Start of The data

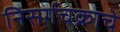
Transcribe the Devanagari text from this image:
निसर्गचक्राचे
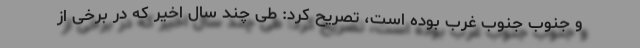
و جنوب جنوب غرب بوده است، تصریح کرد: طی چند سال اخیر که در برخی از
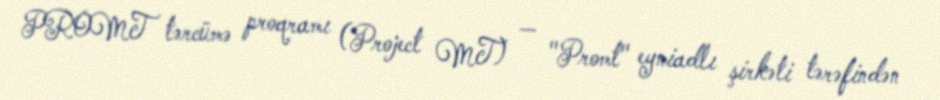
PROMT tərcümə proqramı (Project MT) — "Promt" eyniadlı şirkəti tərəfindən
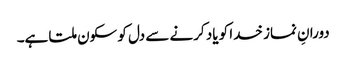
دورانِ نماز خدا کو یاد کرنے سے دل کو سکون ملتا ہے۔
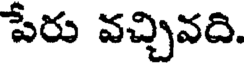
పేరు వచ్చివది.
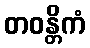
တဝန္တိကံ
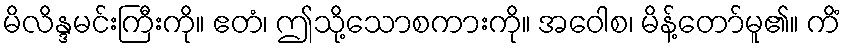
မိလိန္ဒမင်းကြီးကို။ ဧတံ၊ ဤသို့သောစကားကို။ အဝေါစ၊ မိန့်တော်မူ၏။ ကိံ
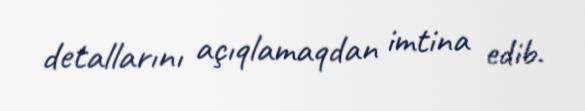
detallarını açıqlamaqdan imtina edib.
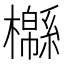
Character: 㰃
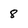
Character: 8
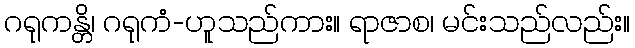
ဂရုကန္တိ၊ ဂရုကံ-ဟူသည်ကား။ ရာဇာစ၊ မင်းသည်လည်း။
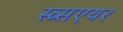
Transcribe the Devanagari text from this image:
स्व्सएयर
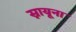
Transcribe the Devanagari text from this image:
स्नायूना
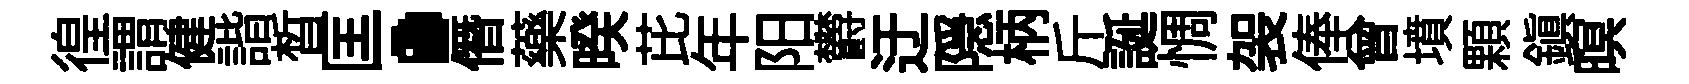
徨謂健諧晳匡·僭藥暌芘年阳欝迂隠柄斤誕惆袈俸曾墳顆鎭暝

End of The data

Exercise
Return the data word for word without its pictures.

Result of this task
Transcribe the Devanagari text from this image:
निसर्गचक्राचे
و جنوب جنوب غرب بوده است، تصریح کرد: طی چند سال اخیر که در برخی از
PROMT tərcümə proqramı (Project MT) — "Promt" eyniadlı şirkəti tərəfindən
دورانِ نماز خدا کو یاد کرنے سے دل کو سکون ملتا ہے۔
పేరు వచ్చివది.
တဝန္တိကံ
မိလိန္ဒမင်းကြီးကို။ ဧတံ၊ ဤသို့သောစကားကို။ အဝေါစ၊ မိန့်တော်မူ၏။ ကိံ
detallarını açıqlamaqdan imtina edib.
Character: 㰃
Character: 8
ဂရုကန္တိ၊ ဂရုကံ-ဟူသည်ကား။ ရာဇာစ၊ မင်းသည်လည်း။
Transcribe the Devanagari text from this image:
स्व्सएयर
Transcribe the Devanagari text from this image:
स्नायूना
徨謂健諧晳匡·僭藥暌芘年阳欝迂隠柄斤誕惆袈俸曾墳顆鎭暝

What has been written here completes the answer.